Stored items:
|---|
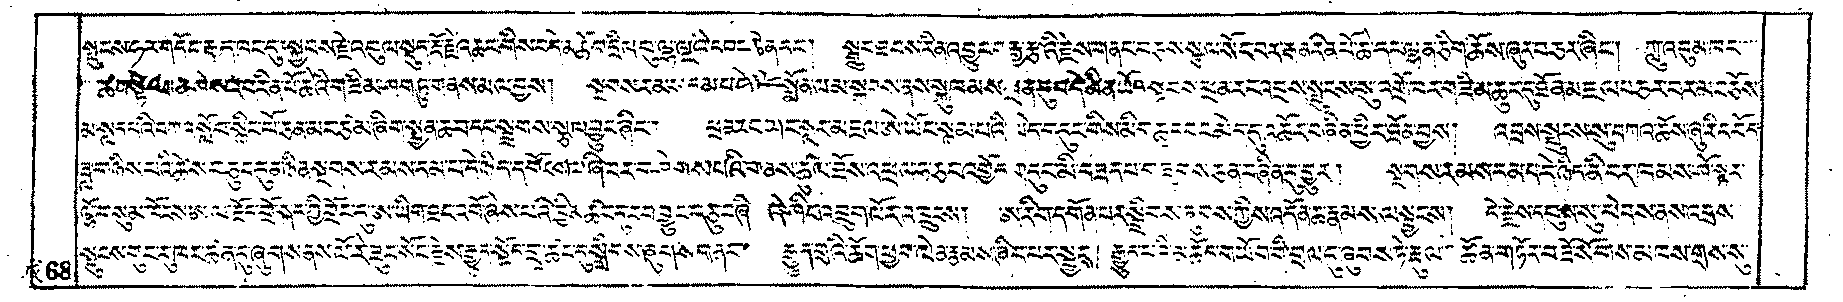སྤུངས་ཧར་གདོང་རྒྱད་ཁང་དུ་༧སྐྱབས་རྗེ་འབུལ་སྡུད་རྡོ་རྗེ་འཆང་གིས་བདེ་མཆོག་དྲིལ་བུ་ལྷ་ལྔའི་དབང་ཆེན་དང་། སྒྲུབ་ཐབས་རིན་འབྱུང་བརྒྱ་རྩའི་རྗེས་གནང་བཅས་སྩལ་སོང་བར་རྒན་རིན་པོ་ཆེ་དང་ལྷན་ཅིག་ཆོས་ཞུར་བཅར་ཞིང་། ཀླུ་འབུམ་ཁང་
ཚག་སྟེ་འགན་ཤེས་རབ་རིན་པོ་ཆེའི་གཟིམ་ཤག་ཏུ་གནས་མལ་བྱས། སྔགས་རམས་དམ་པ་ཤེས་རབ་?་སྨོན་ལམ་སྐབས་ནས་སྐུ་ཁམས་ཕྲན་བུ་བདེ་མིན་ཡོད་སྟབས་ཕྲན་རང་འབྲས་སྤུངས་སུ་འགྲོ་ཁར་གཟིམ་ཆུང་དུ་ཐོན་མཇལ་པ་ཅར་བར་མ་བཅོས་
མ་སླད་པའི་བཀའ་སློབ་སྙིང་པོ་ཅན་མང་ཙམ་ཞིག་སྤྱན་ཆབ་དང་སྦྲགས་སྩལ་བྱུང་ཞིང་། ཕྲན་རང་ཡང་སླར་མཇལ་ཨེ་ཡོང་སྙམ་པའི་ཡིད་གདུང་གིས་མིག་ཆུ་དབང་མེད་དུ་འཆོར་བཞིན་ཕྱིར་ཐོན་བྱས། འབྲས་སྤུངས་སུ་བཀའ་ཆོས་ཞུ་རིང་བོད་
ཟླ་གཉིས་པའི་ཚེས་བཅུ་བདུན་ཉིན་སྔགས་རམས་དམ་པ་དེ་ཉིད་དགོངས་པ་ཞི་བར་གཤེགས་པའི་གནས་ཚུལ་ཐོས་འཕྲལ་ཧ་ཅང་འགྱོད་གདུང་མི་བཟད་པ་གཟུགས་ཅན་བཞིན་དུ་གྱུར། སྔགས་རམས་དམ་པ་དེ་ཉིད་ནི་བར་ཁམས་ཤོ་སྟར་
ལྷོ་གསུམ་ཁོངས་ཨ་ལ་རྔོད་གྲོ་སྐད་ཀྱི་གྲོང་དུ་ཨ་ཡིག་ཐང་འགོ་ཞེས་པའི་ཁྱིམ་ཚང་དུ་རབ་བྱུང་བཅུ་བཞི་པའི་ཤིང་འབྲུག་ལོར་འཁྲུངས། ཨ་རིག་དགོན་པར་སྒྲིགས་ཞུགས་ཀྱིས་འདོན་ཆ་རྣམས་ལ་སྦྱངས། དེ་རྗེས་དབུས་སུ་ཕེབས་ནས་འབྲས་
སྤུངས་གུང་རུ་ཁང་ཚན་དུ་ཞུགས་ནས་ལོ་རེ་ཟུང་སོང་རྗེས་རྒྱུད་སྟོད་གྲྭ་ཚང་དུ་སྒྲིགས་ཞུགས་གནང་ལ་རྒྱུད་གྲའི་ཆོག་ཕྱག་ལེན་རྣམས་ཞིབ་པར་སྦྱངས། རྒྱུད་པའི་མཆོད་གཡོག་གི་གྲལ་དུ་ཞུགས་ཏེ་རྡུལ་ཚོན་གཏོར་བཟོ་སོགས་མཁས་གྲས་སུ་
|---|
> [Task prompt]: Leave out any pictures, please, and quote only the lines from the top of the data through the line that contains "ཚག་སྟེ་འགན་ཤེས".

> [Response for this exercise]:
སྤུངས་ཧར་གདོང་རྒྱད་ཁང་དུ་༧སྐྱབས་རྗེ་འབུལ་སྡུད་རྡོ་རྗེ་འཆང་གིས་བདེ་མཆོག་དྲིལ་བུ་ལྷ་ལྔའི་དབང་ཆེན་དང་། སྒྲུབ་ཐབས་རིན་འབྱུང་བརྒྱ་རྩའི་རྗེས་གནང་བཅས་སྩལ་སོང་བར་རྒན་རིན་པོ་ཆེ་དང་ལྷན་ཅིག་ཆོས་ཞུར་བཅར་ཞིང་། ཀླུ་འབུམ་ཁང་
ཚག་སྟེ་འགན་ཤེས་རབ་རིན་པོ་ཆེའི་གཟིམ་ཤག་ཏུ་གནས་མལ་བྱས། སྔགས་རམས་དམ་པ་ཤེས་རབ་?་སྨོན་ལམ་སྐབས་ནས་སྐུ་ཁམས་ཕྲན་བུ་བདེ་མིན་ཡོད་སྟབས་ཕྲན་རང་འབྲས་སྤུངས་སུ་འགྲོ་ཁར་གཟིམ་ཆུང་དུ་ཐོན་མཇལ་པ་ཅར་བར་མ་བཅོས་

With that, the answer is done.